When Franke's first attempt to fuse Spirit and Frontier failed in 2013, he sold his interest in Spirit and bought Frontier. He dismissed David Siegel, another notorious US Air cost cutter, because he wasn't sufficiently dedicated to slashing and burning. Franke brought in Biffle and they cut and they cut and they cut until Frontier was even ickier and less passenger-friendly than Spirit. They laid off call-center employees, entered and exited markets with head-spinning speed and regularly melted down because of its miserably skeletal staffing and aged technology. Monday's ground stop was an almost comical counterpoint to Franke's oft-repeated claim that he gives passengers the chance to fly with low fares. All too often, they don't get to fly at all.

But through all this, Franke has recognized one distressing travel truth: Some flyers are dumb enough or desperate enough to buy into his fantasy of low fares and then allow themselves to be caught in his web of rapacious fees and operational ineptitude. His dedication to flying garbage and his conviction that another traveling sucker will come along any minute has made him even wealthier than he could have imagined in 1994.

For nearly 30 years, Bill Franke has laid our flying souls to waste.

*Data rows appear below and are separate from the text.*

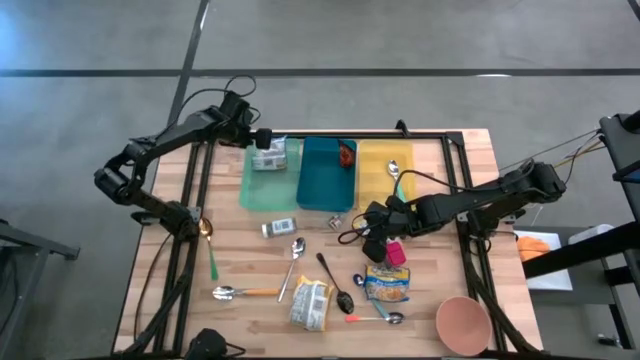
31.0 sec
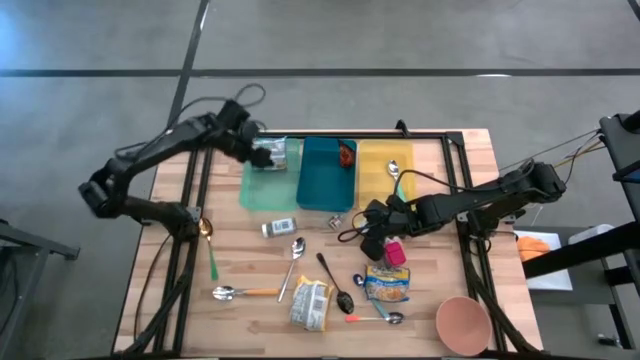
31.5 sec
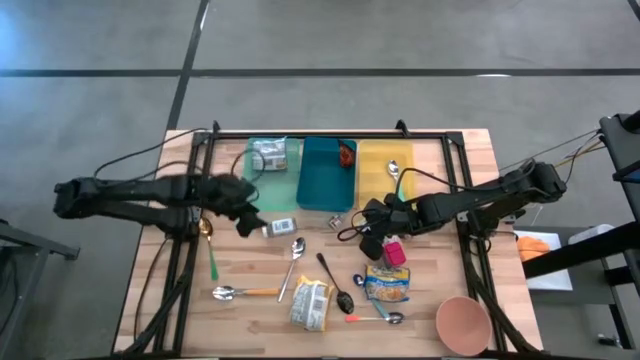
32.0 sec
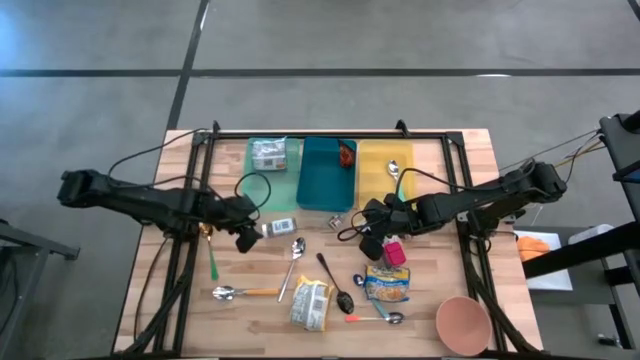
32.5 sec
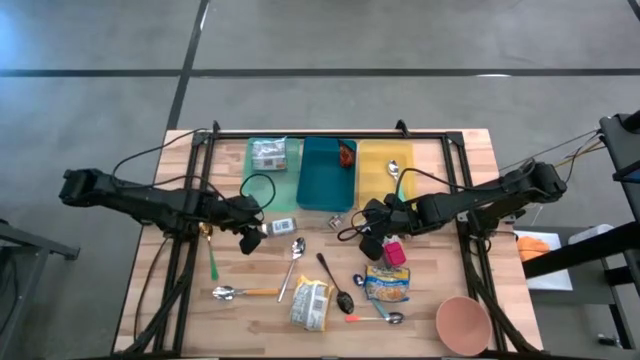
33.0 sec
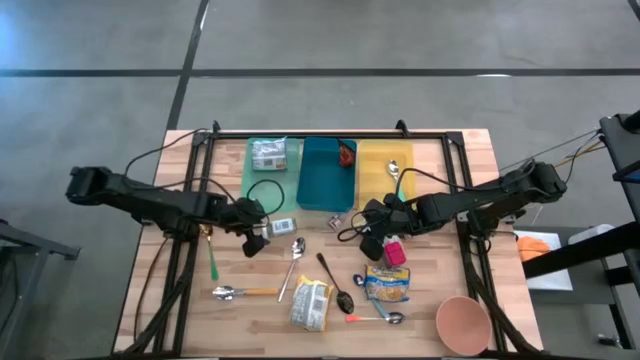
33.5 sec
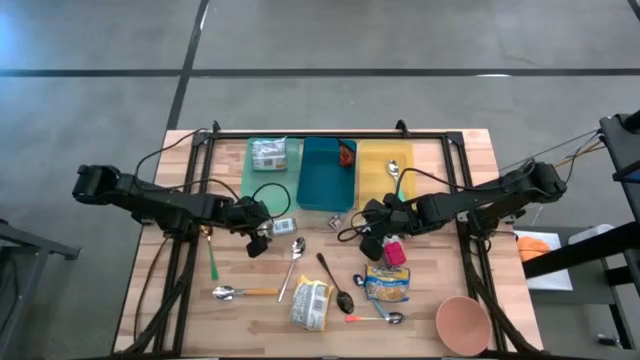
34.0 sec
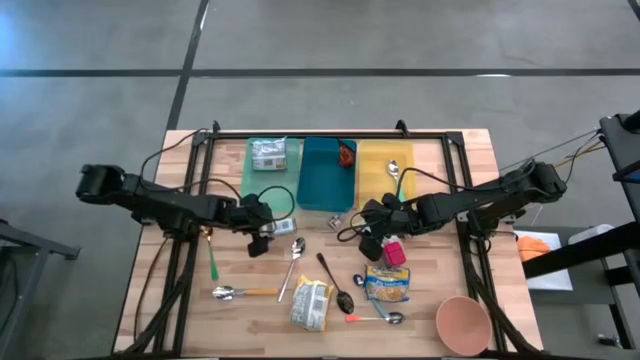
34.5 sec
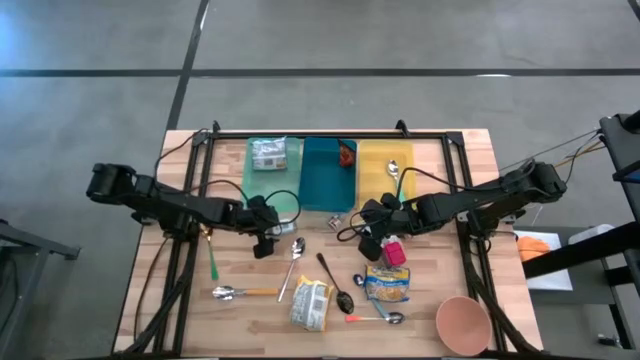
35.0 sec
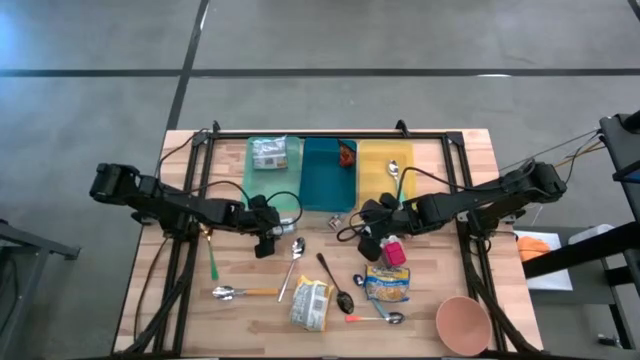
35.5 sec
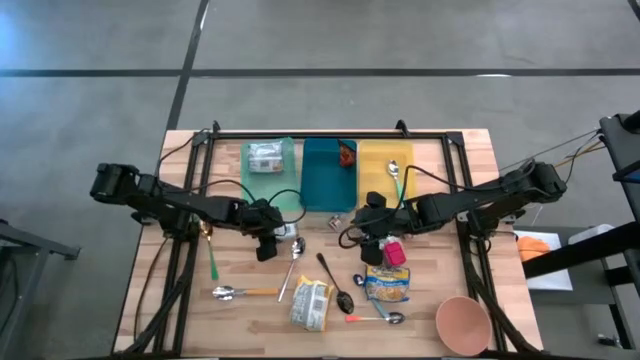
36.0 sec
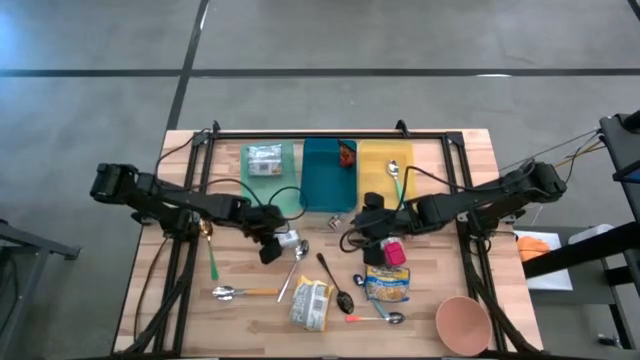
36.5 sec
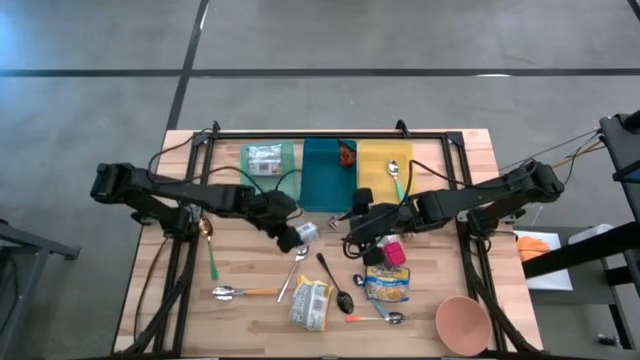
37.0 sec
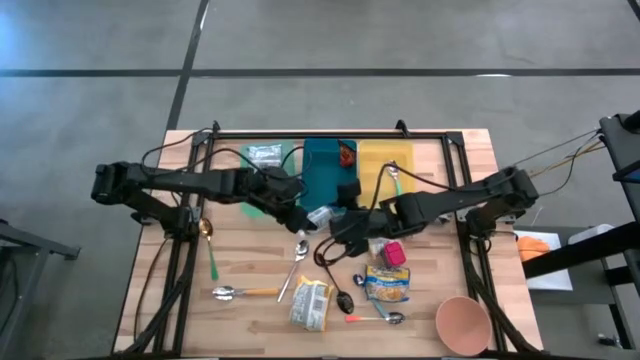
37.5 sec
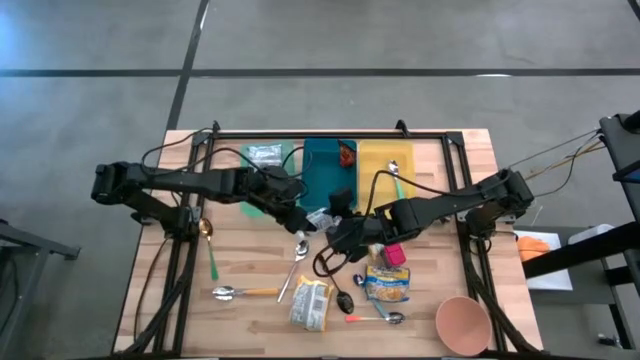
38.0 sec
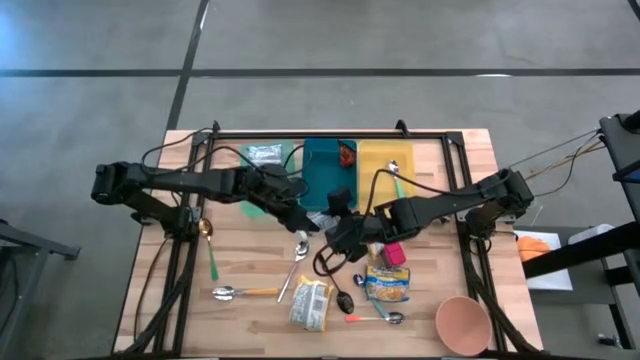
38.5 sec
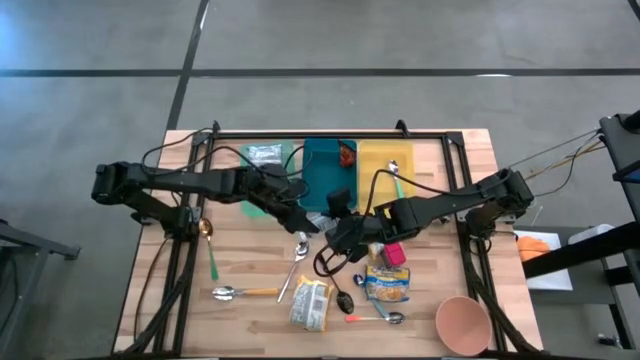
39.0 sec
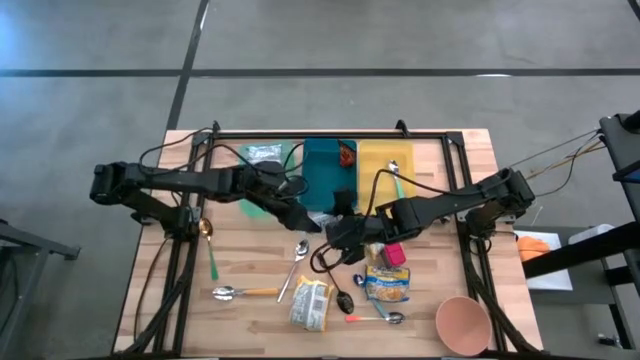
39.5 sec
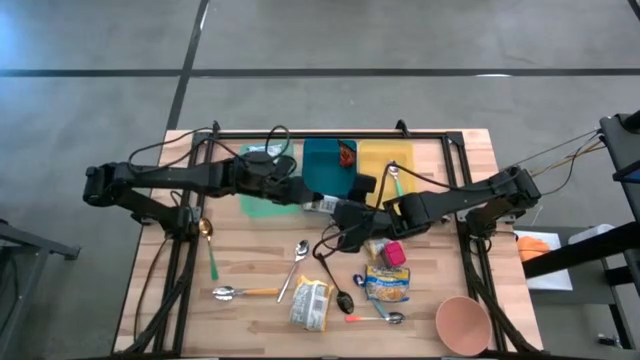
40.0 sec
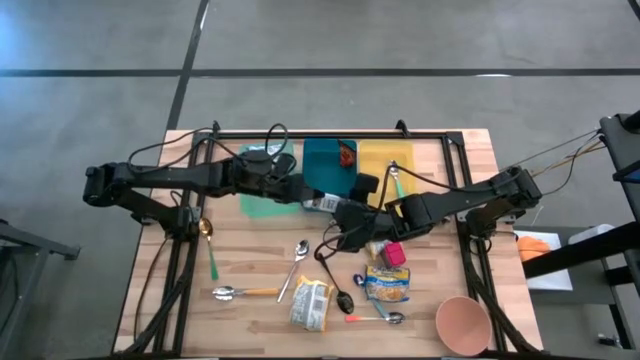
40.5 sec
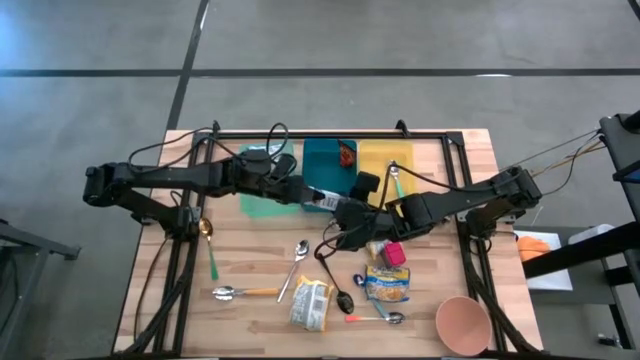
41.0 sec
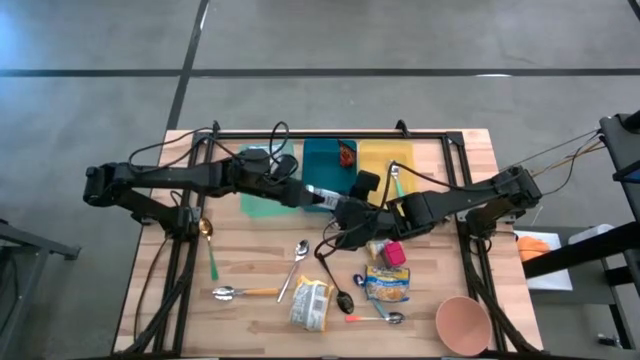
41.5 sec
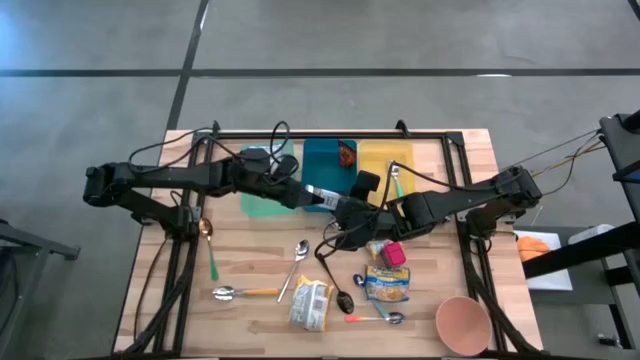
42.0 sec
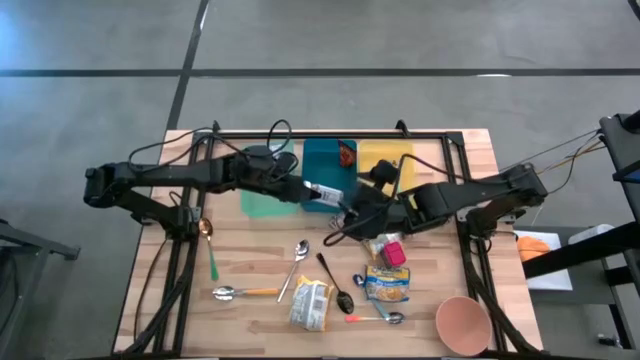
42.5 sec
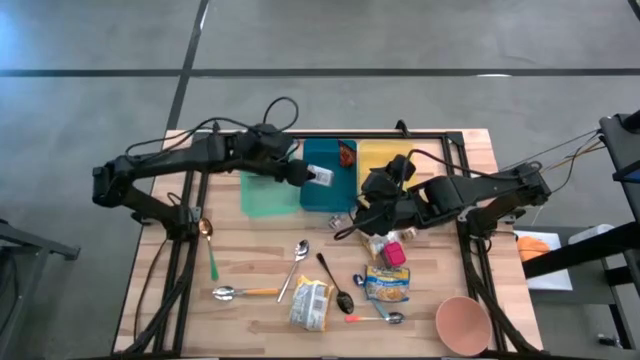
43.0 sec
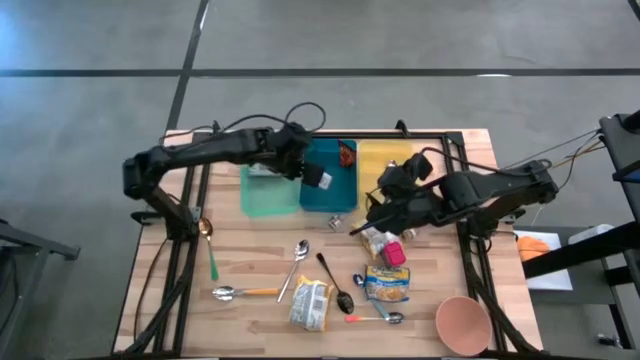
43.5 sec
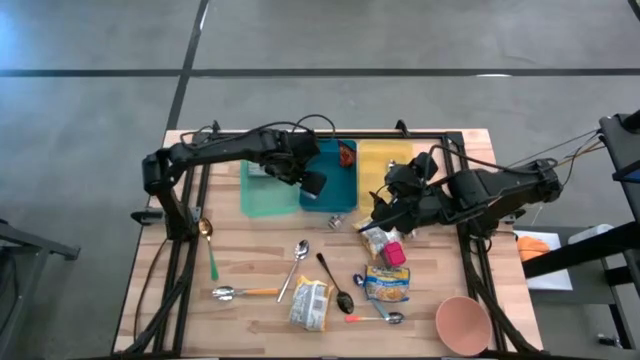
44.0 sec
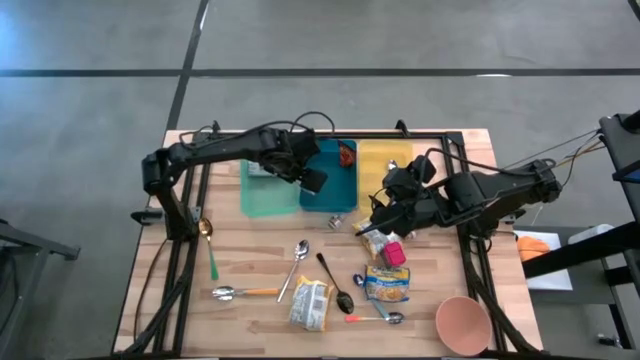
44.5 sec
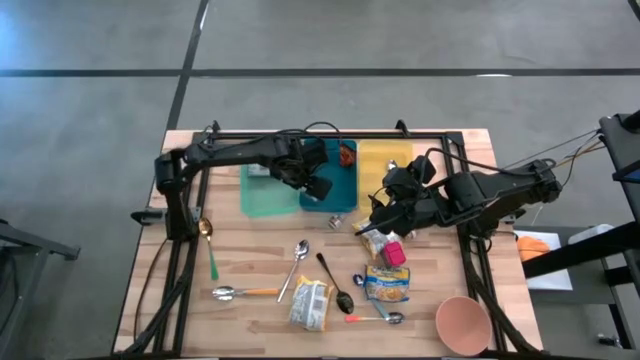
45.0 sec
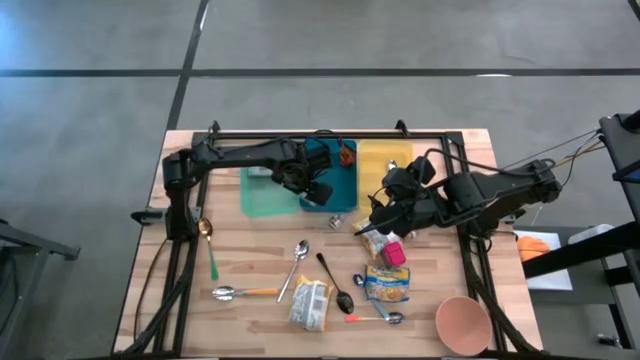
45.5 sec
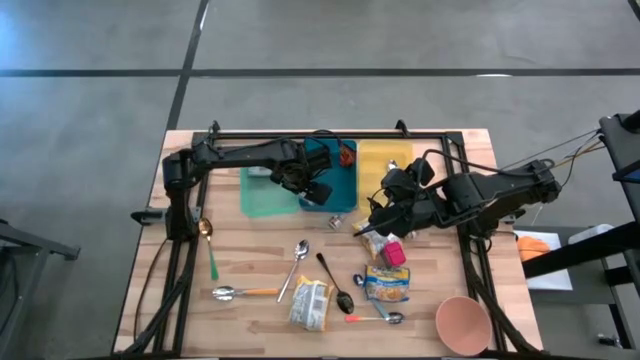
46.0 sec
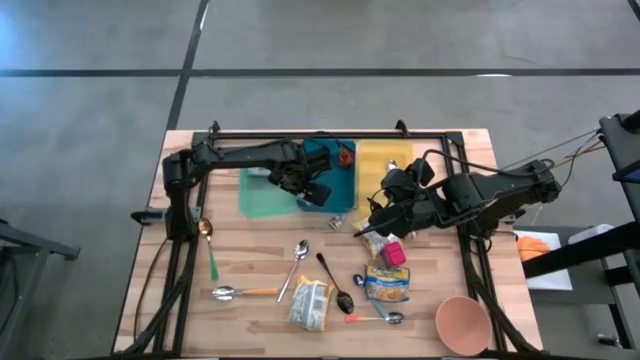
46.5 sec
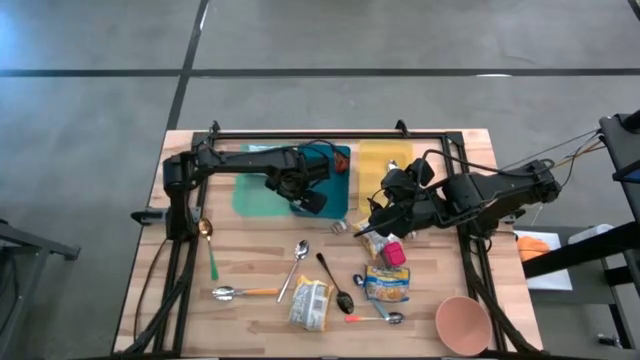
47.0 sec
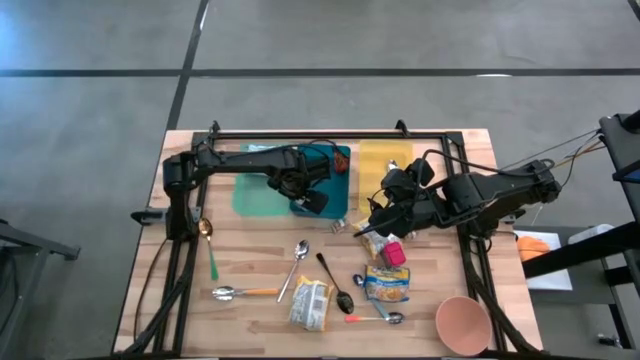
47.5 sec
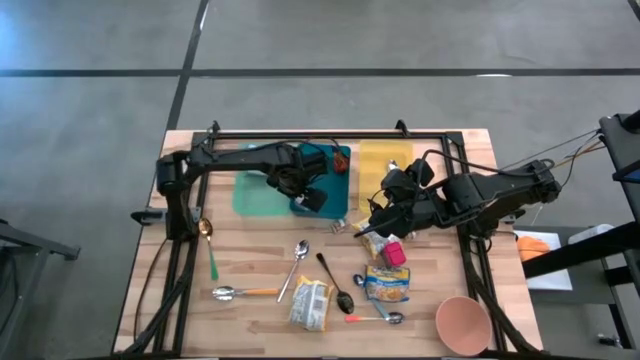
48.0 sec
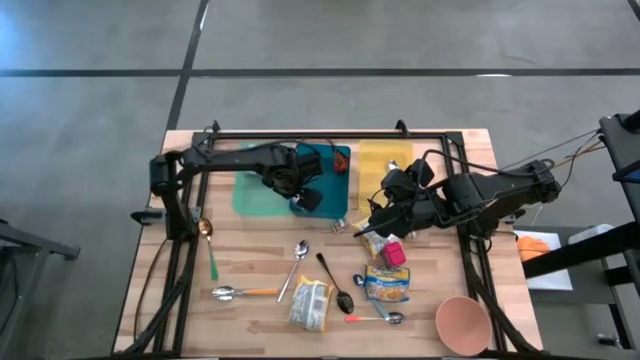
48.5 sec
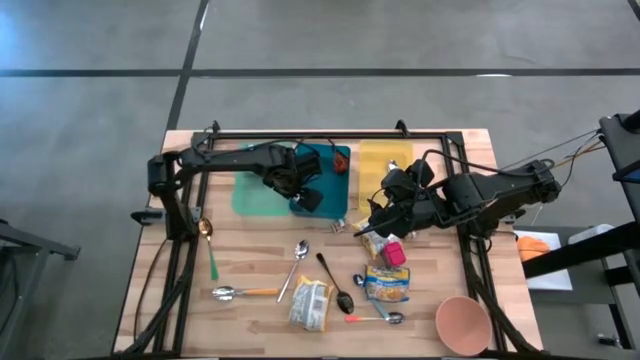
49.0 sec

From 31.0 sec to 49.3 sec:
Put the white seasoning bottle into the blue bin

No government has stopped him. No regulatory agency has disciplined him. He has found willing allies who traded their souls for executive positions. And rather than be better, big airlines around the world have joined his relentless race to the bottom.

Every time Franke wins, we lose. If a Frontier-Spirit merger passes regulatory muster, we'll lose again. And Franke will be there to explain that he does it all for our benefit. That's how the devil operates.